Without the pictures, copy all the entries below exactly.
----
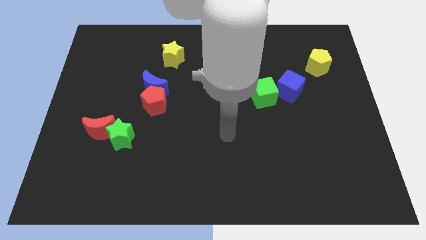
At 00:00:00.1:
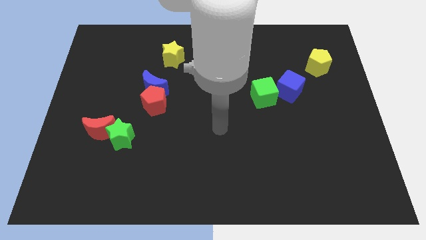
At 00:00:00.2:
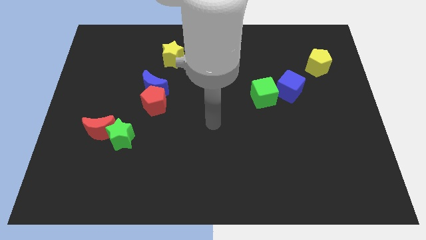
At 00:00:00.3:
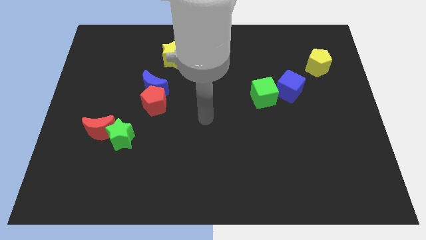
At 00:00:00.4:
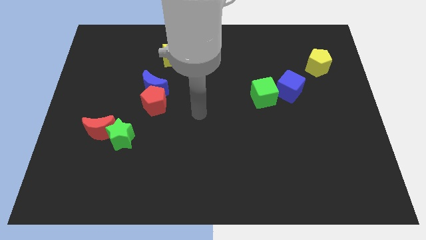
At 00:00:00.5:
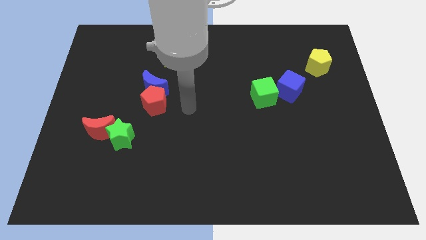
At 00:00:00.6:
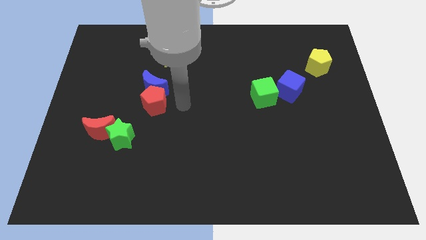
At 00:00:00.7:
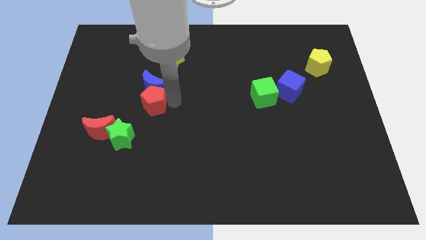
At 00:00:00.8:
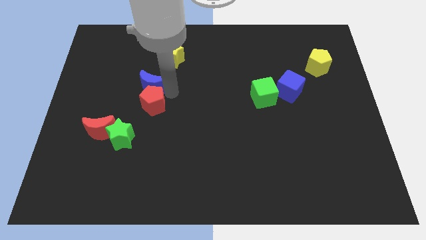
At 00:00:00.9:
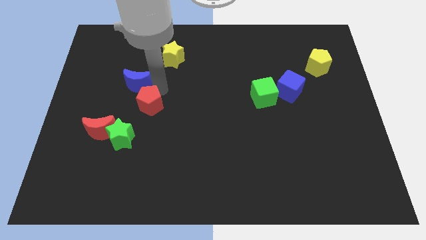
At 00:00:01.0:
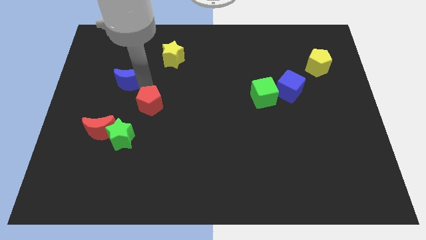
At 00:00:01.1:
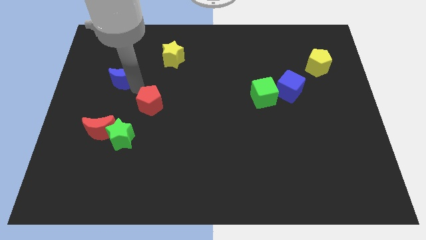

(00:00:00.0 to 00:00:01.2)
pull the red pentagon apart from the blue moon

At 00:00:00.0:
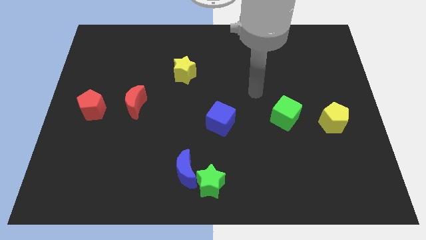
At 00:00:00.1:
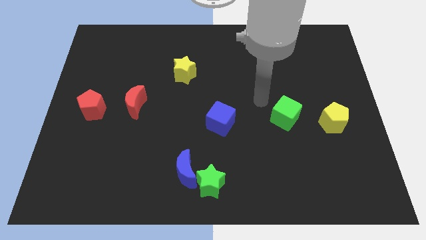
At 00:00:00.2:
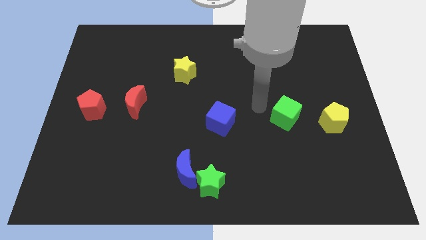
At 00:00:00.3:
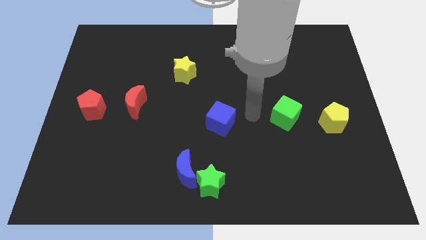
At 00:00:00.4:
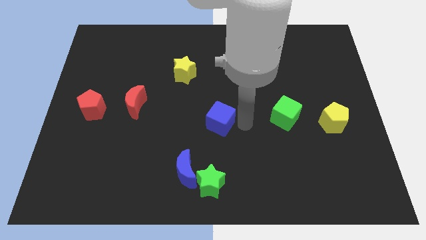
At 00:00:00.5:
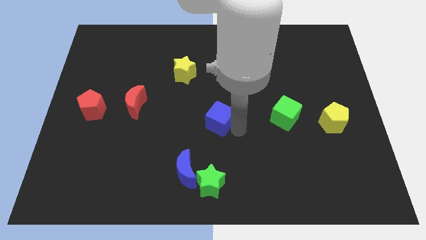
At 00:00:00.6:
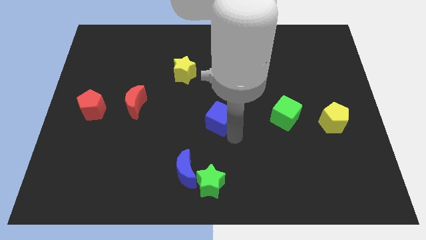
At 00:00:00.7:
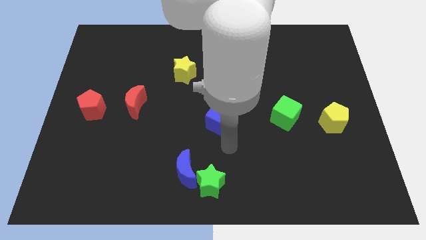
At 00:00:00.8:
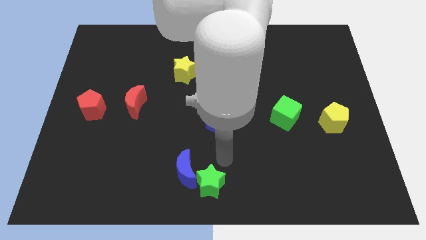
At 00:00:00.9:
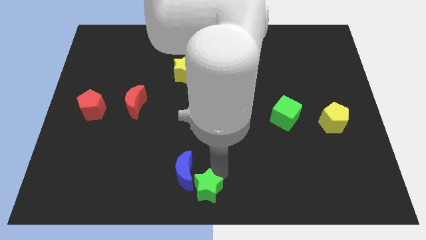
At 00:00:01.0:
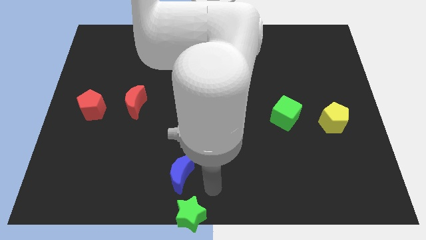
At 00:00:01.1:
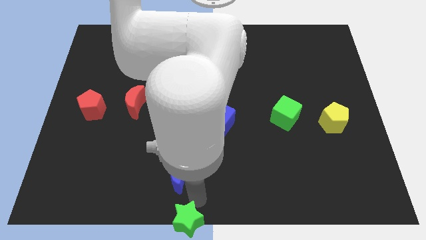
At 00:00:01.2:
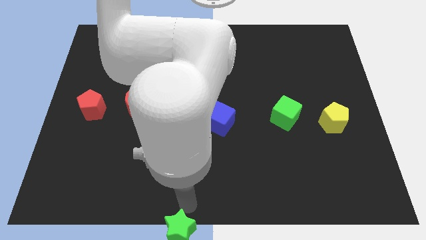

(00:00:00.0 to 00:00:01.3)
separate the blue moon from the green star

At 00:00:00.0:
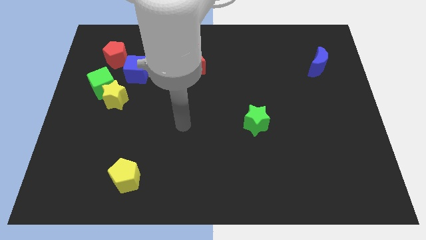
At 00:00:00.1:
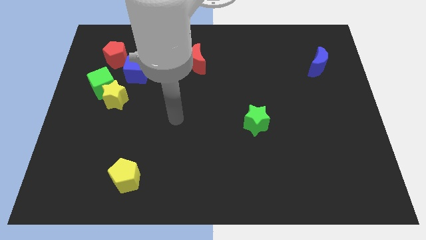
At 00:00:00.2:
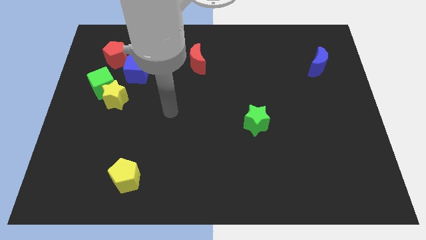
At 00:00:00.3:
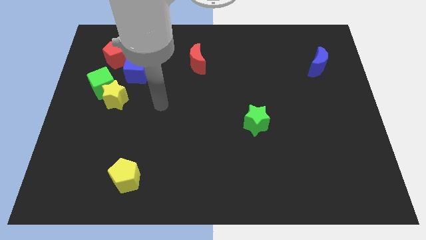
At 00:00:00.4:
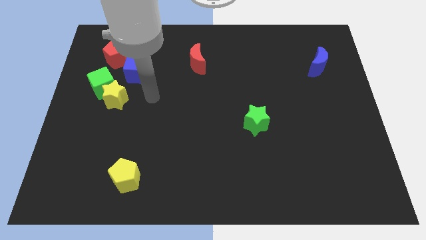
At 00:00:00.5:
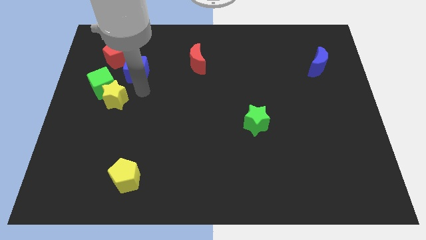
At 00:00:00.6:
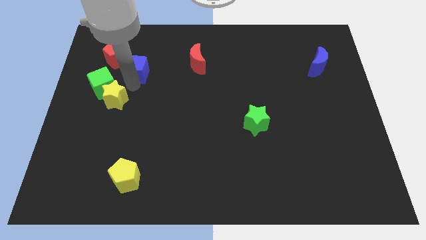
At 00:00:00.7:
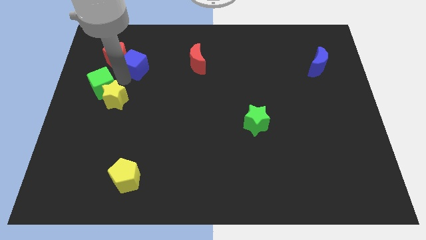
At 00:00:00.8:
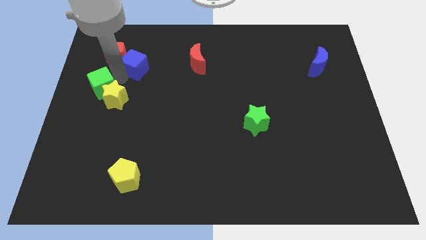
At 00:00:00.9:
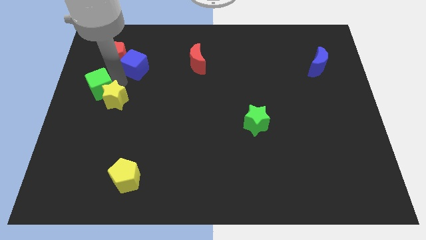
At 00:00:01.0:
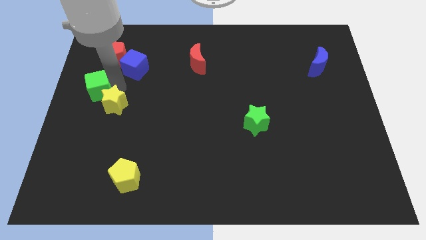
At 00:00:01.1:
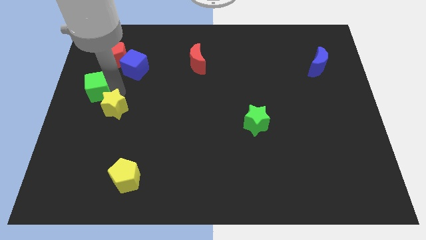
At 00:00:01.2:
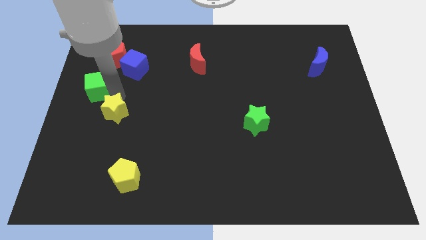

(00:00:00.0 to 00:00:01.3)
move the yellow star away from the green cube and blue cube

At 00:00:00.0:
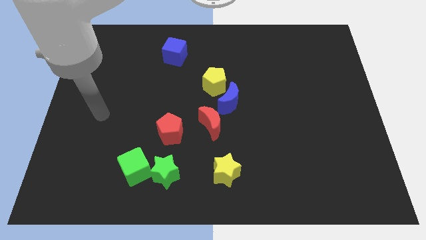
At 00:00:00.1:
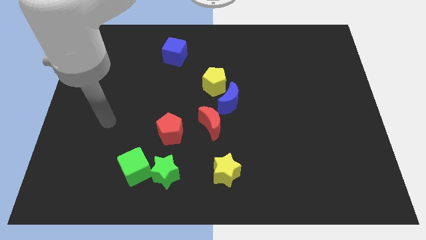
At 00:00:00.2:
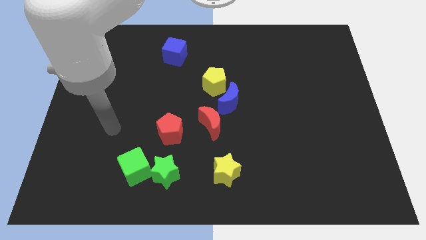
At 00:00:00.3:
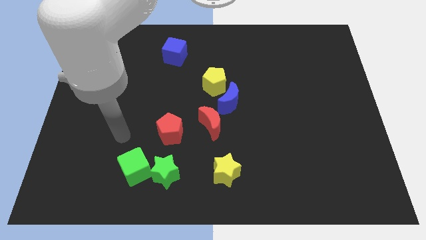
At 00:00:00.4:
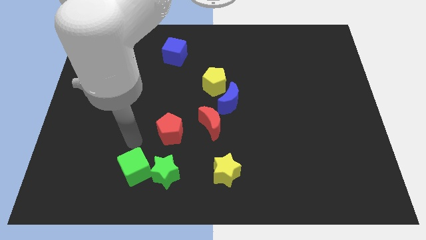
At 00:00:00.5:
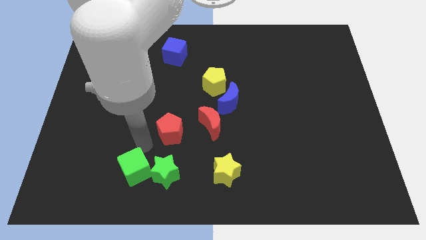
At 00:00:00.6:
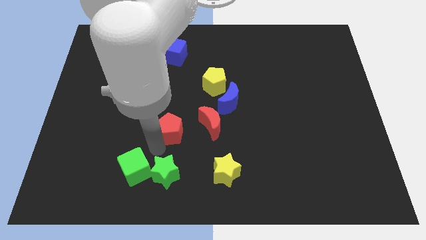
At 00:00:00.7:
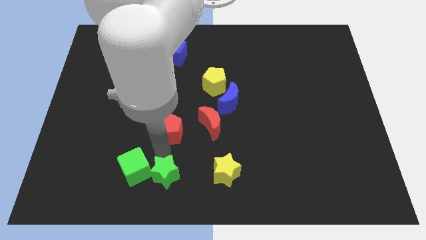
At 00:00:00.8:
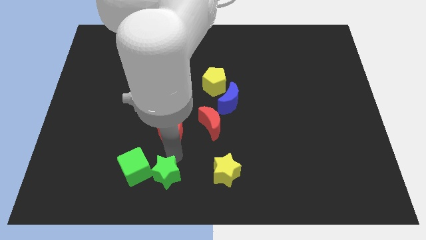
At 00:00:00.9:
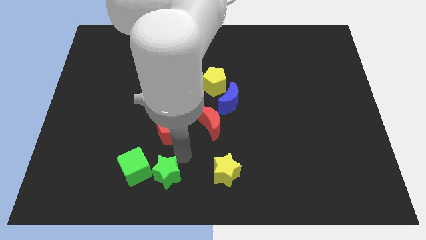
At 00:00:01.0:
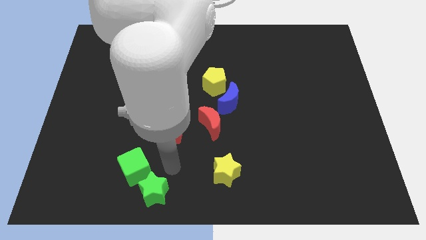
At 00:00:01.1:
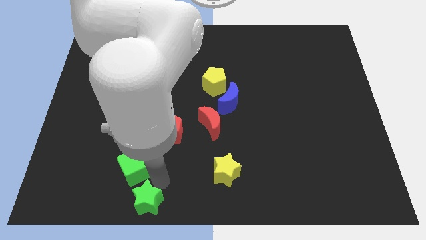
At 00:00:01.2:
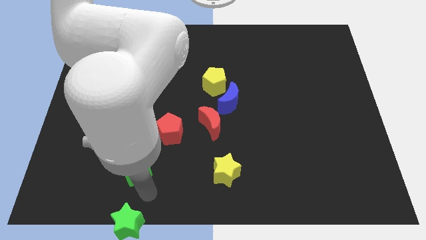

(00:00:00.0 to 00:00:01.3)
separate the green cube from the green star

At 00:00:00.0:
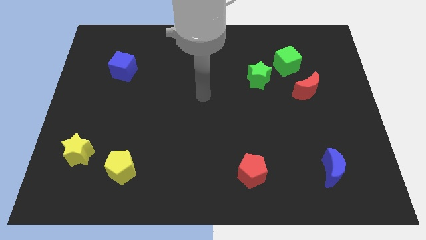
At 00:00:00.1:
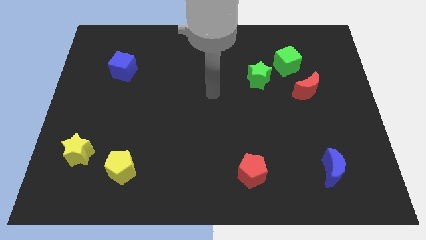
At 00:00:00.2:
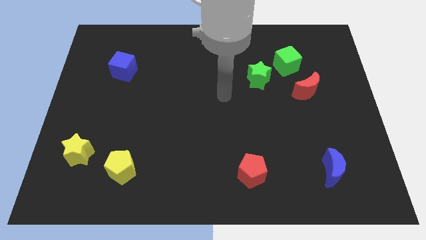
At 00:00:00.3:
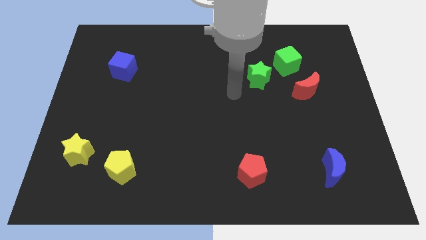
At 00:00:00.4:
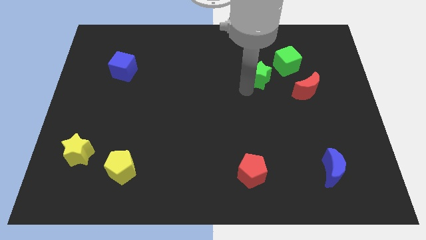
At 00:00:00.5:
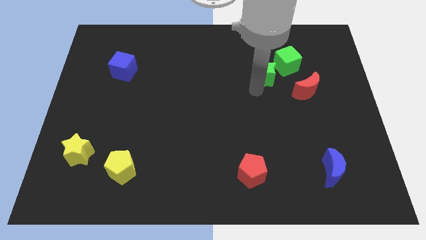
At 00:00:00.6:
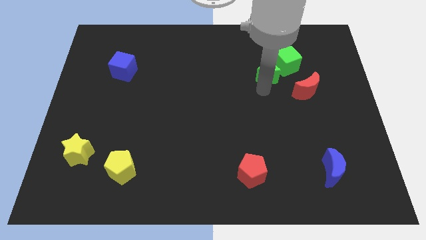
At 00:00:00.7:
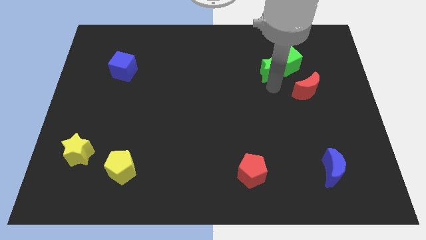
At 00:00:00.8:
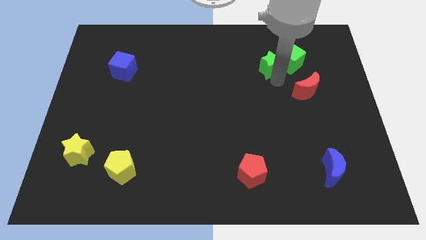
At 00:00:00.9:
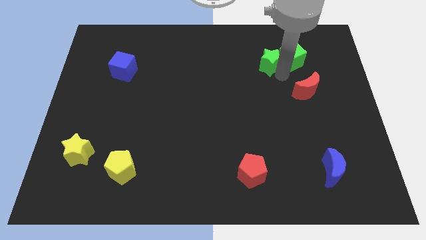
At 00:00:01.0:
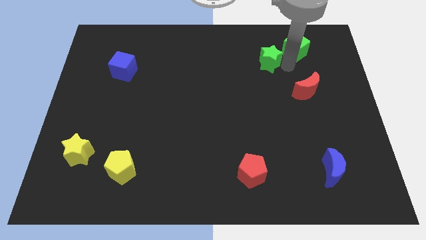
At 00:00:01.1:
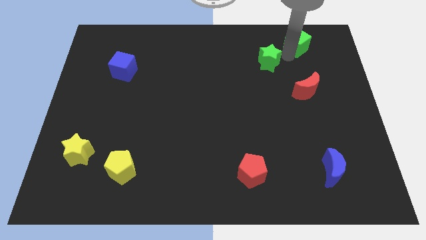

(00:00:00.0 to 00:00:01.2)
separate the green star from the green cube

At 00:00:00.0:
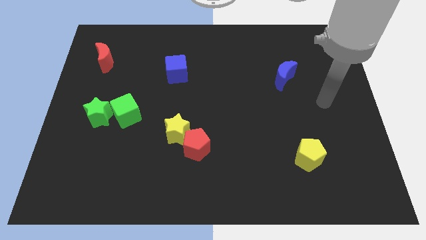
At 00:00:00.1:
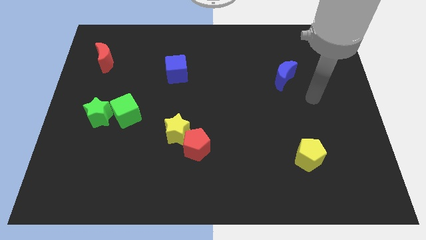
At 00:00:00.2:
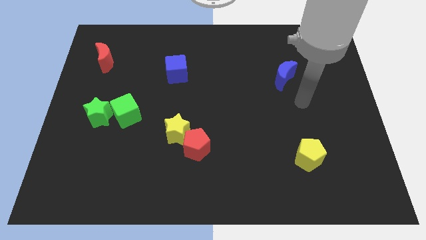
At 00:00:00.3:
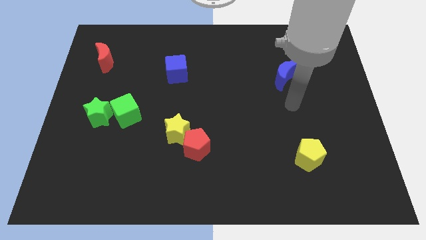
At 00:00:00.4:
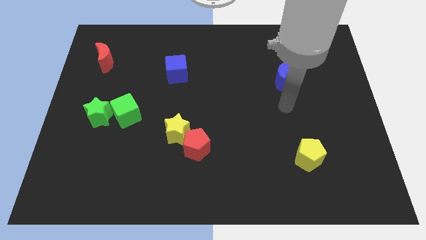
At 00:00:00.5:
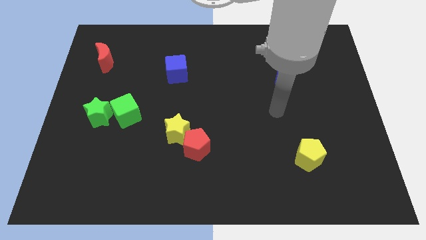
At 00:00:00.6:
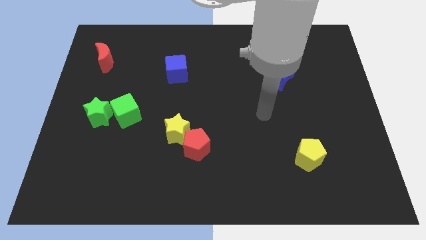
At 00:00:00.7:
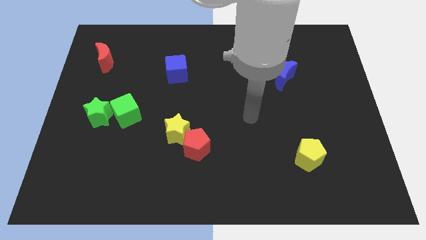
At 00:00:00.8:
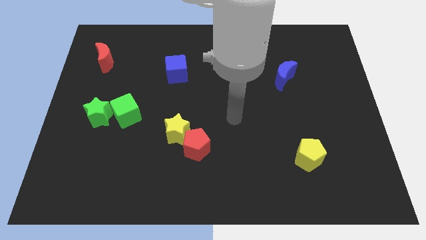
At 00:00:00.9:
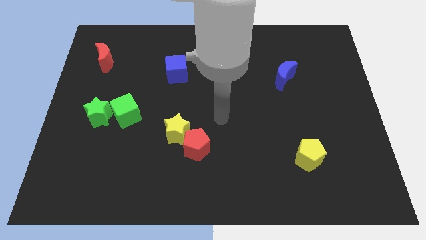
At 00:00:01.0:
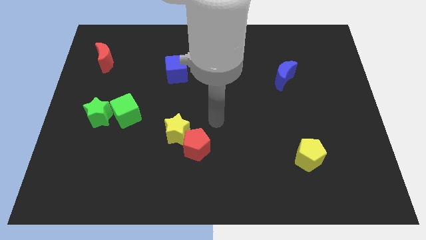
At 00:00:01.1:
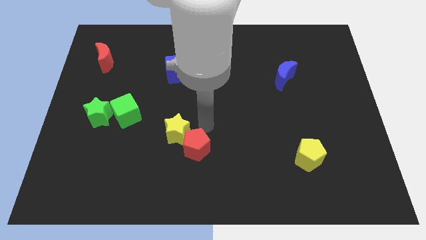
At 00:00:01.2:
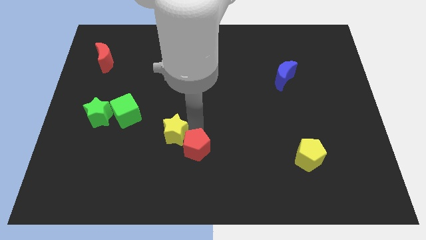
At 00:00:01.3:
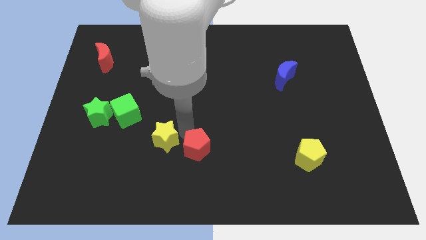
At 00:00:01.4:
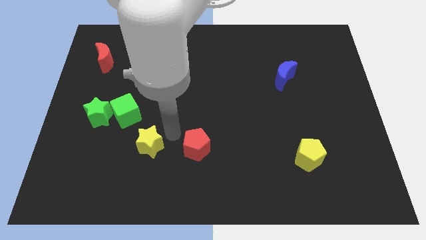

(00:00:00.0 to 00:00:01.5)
----
Result of the exercise:
At 00:00:00.1:
At 00:00:00.2:
At 00:00:00.3:
At 00:00:00.4:
At 00:00:00.5:
At 00:00:00.6:
At 00:00:00.7:
At 00:00:00.8:
At 00:00:00.9:
At 00:00:01.0:
At 00:00:01.1:

(00:00:00.0 to 00:00:01.2)
pull the red pentagon apart from the blue moon

At 00:00:00.0:
At 00:00:00.1:
At 00:00:00.2:
At 00:00:00.3:
At 00:00:00.4:
At 00:00:00.5:
At 00:00:00.6:
At 00:00:00.7:
At 00:00:00.8:
At 00:00:00.9:
At 00:00:01.0:
At 00:00:01.1:
At 00:00:01.2:

(00:00:00.0 to 00:00:01.3)
separate the blue moon from the green star

At 00:00:00.0:
At 00:00:00.1:
At 00:00:00.2:
At 00:00:00.3:
At 00:00:00.4:
At 00:00:00.5:
At 00:00:00.6:
At 00:00:00.7:
At 00:00:00.8:
At 00:00:00.9:
At 00:00:01.0:
At 00:00:01.1:
At 00:00:01.2:

(00:00:00.0 to 00:00:01.3)
move the yellow star away from the green cube and blue cube

At 00:00:00.0:
At 00:00:00.1:
At 00:00:00.2:
At 00:00:00.3:
At 00:00:00.4:
At 00:00:00.5:
At 00:00:00.6:
At 00:00:00.7:
At 00:00:00.8:
At 00:00:00.9:
At 00:00:01.0:
At 00:00:01.1:
At 00:00:01.2:

(00:00:00.0 to 00:00:01.3)
separate the green cube from the green star

At 00:00:00.0:
At 00:00:00.1:
At 00:00:00.2:
At 00:00:00.3:
At 00:00:00.4:
At 00:00:00.5:
At 00:00:00.6:
At 00:00:00.7:
At 00:00:00.8:
At 00:00:00.9:
At 00:00:01.0:
At 00:00:01.1:

(00:00:00.0 to 00:00:01.2)
separate the green star from the green cube

At 00:00:00.0:
At 00:00:00.1:
At 00:00:00.2:
At 00:00:00.3:
At 00:00:00.4:
At 00:00:00.5:
At 00:00:00.6:
At 00:00:00.7:
At 00:00:00.8:
At 00:00:00.9:
At 00:00:01.0:
At 00:00:01.1:
At 00:00:01.2:
At 00:00:01.3:
At 00:00:01.4:

(00:00:00.0 to 00:00:01.5)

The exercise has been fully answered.